What you return must be exactly the lines running from the one with "Miss Sallie Lee Lightfoot" to the end of the data below, inclusive, and nothing more.

- Opening Delimiter -

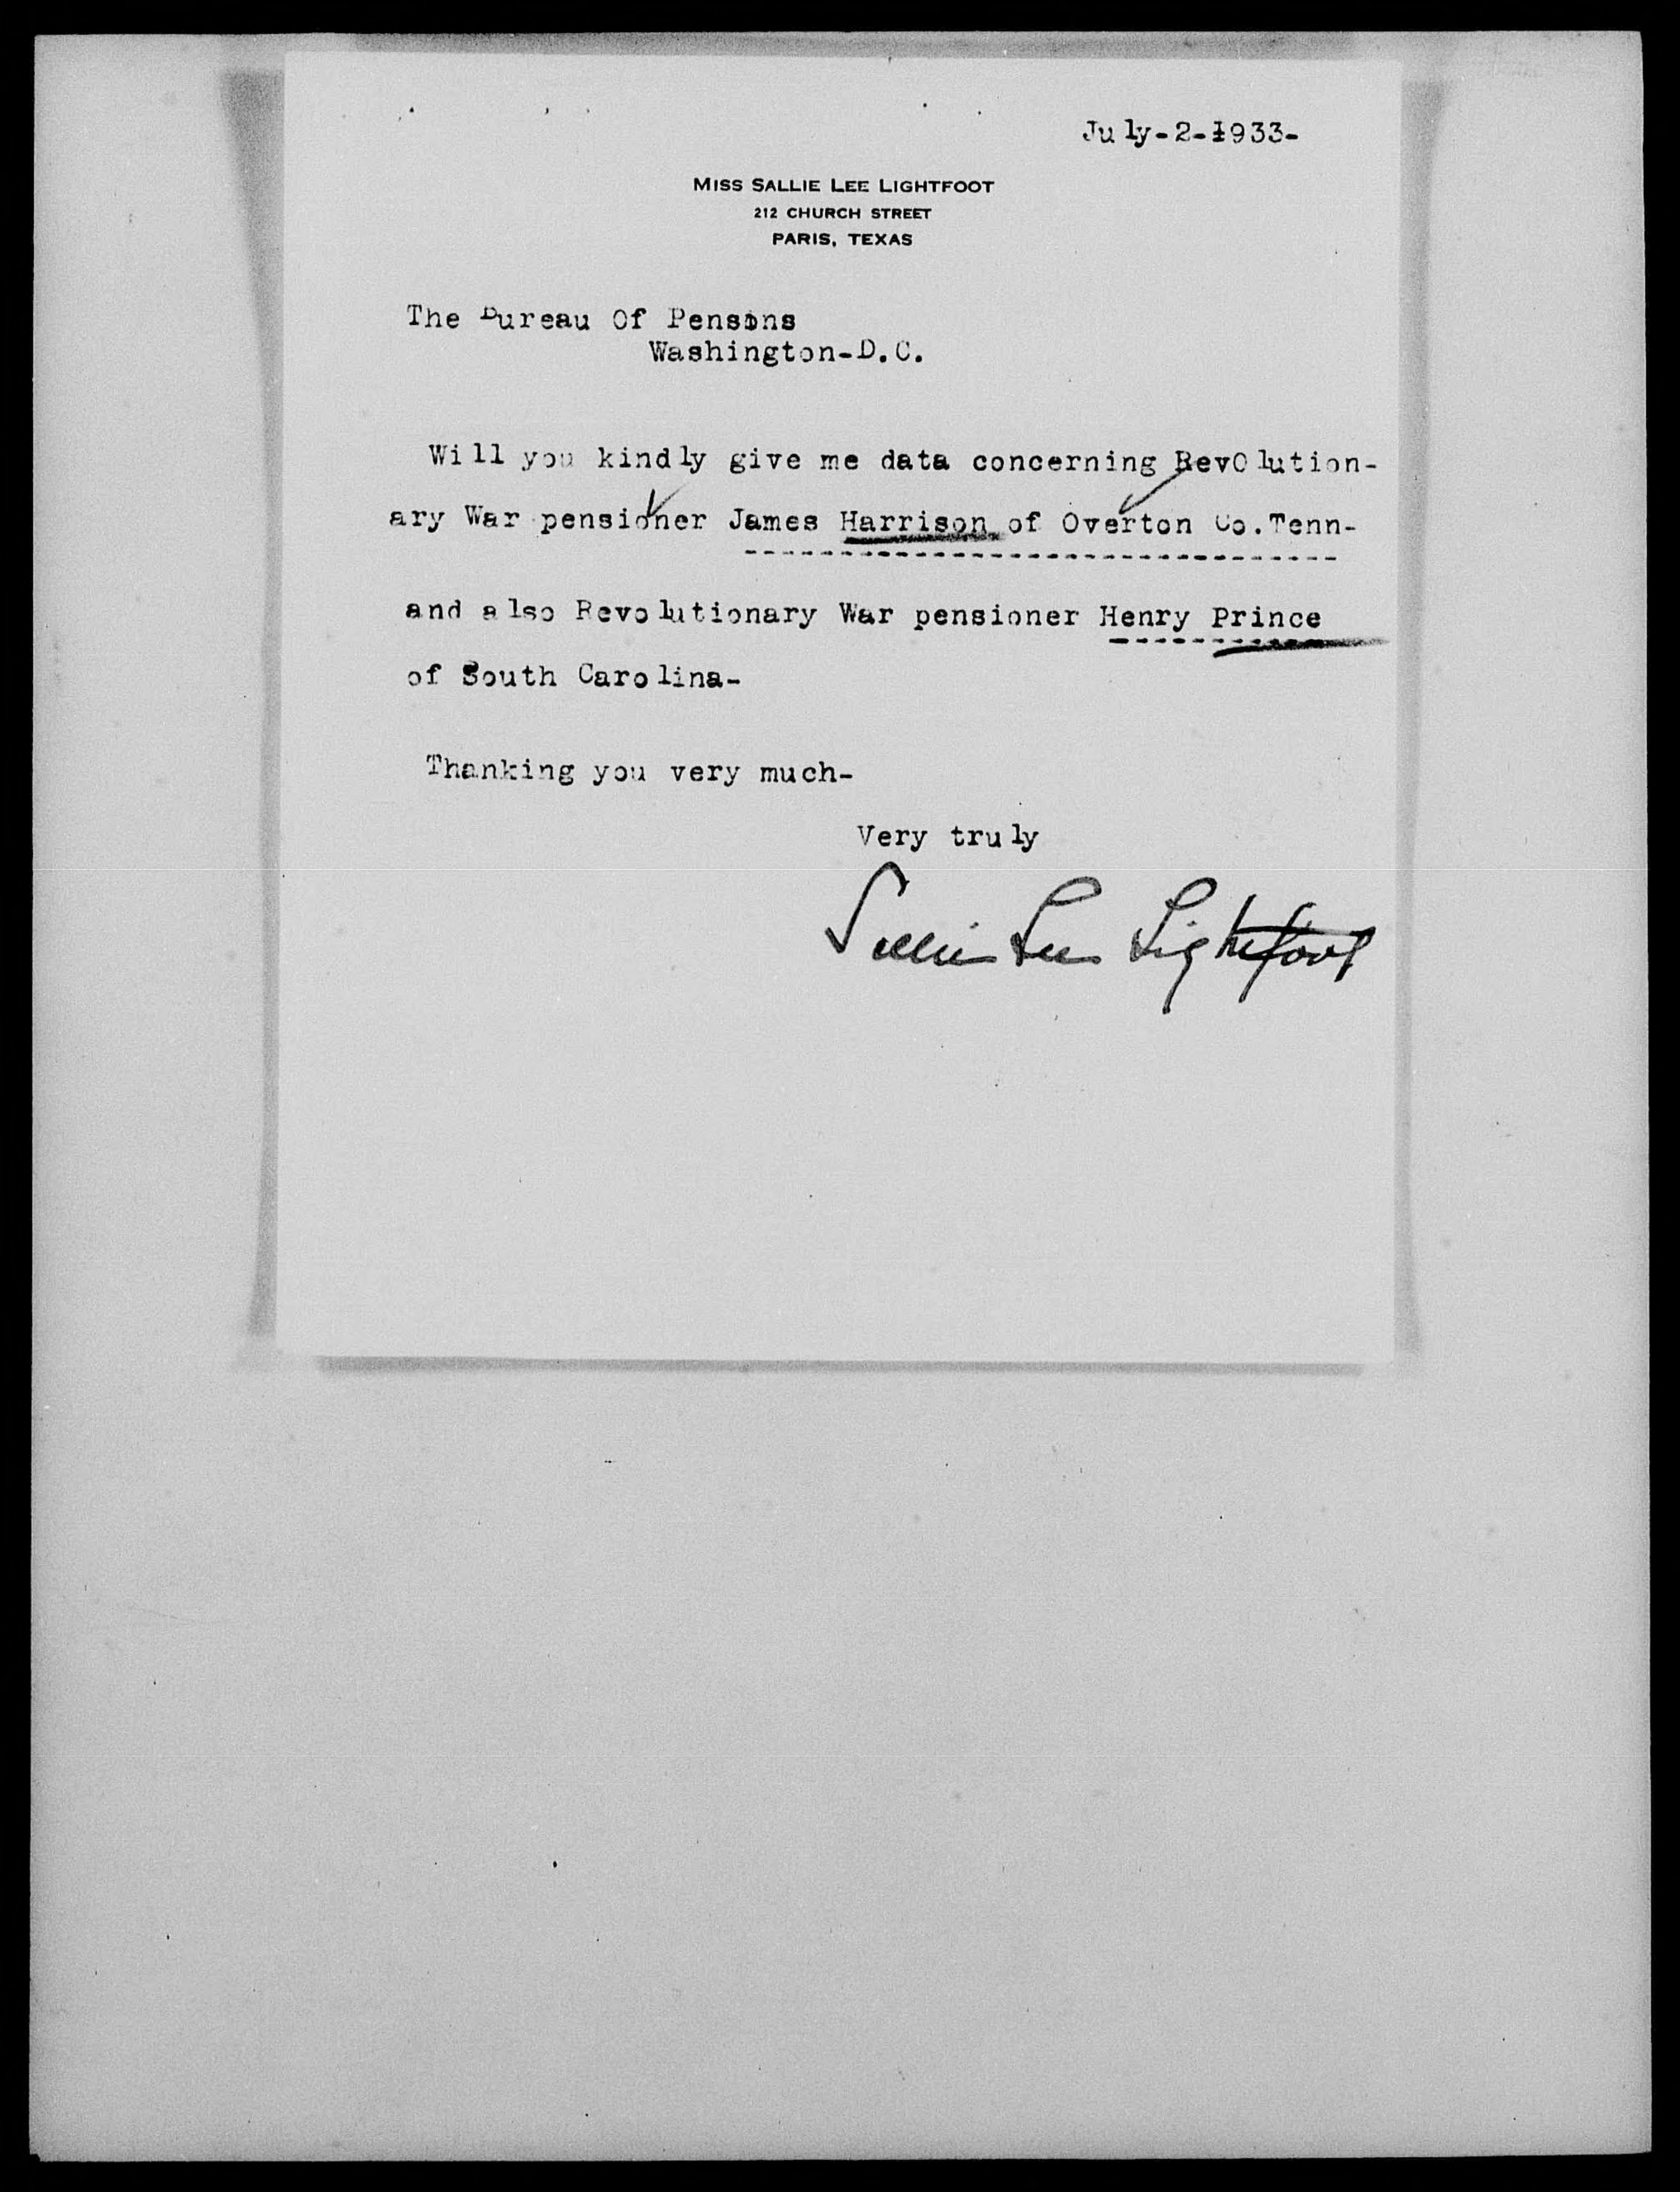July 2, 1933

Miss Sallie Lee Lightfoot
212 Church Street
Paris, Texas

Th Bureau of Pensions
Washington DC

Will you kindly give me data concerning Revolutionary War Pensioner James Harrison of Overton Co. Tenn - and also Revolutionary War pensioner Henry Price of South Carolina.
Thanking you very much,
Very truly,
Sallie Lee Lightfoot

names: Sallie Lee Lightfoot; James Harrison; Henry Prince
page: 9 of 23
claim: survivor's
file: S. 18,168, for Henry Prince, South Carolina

- Closing Delimiter -

§ TASK OUTPUT:
Miss Sallie Lee Lightfoot
212 Church Street
Paris, Texas

Th Bureau of Pensions
Washington DC

Will you kindly give me data concerning Revolutionary War Pensioner James Harrison of Overton Co. Tenn - and also Revolutionary War pensioner Henry Price of South Carolina.
Thanking you very much,
Very truly,
Sallie Lee Lightfoot

names: Sallie Lee Lightfoot; James Harrison; Henry Prince
page: 9 of 23
claim: survivor's
file: S. 18,168, for Henry Prince, South Carolina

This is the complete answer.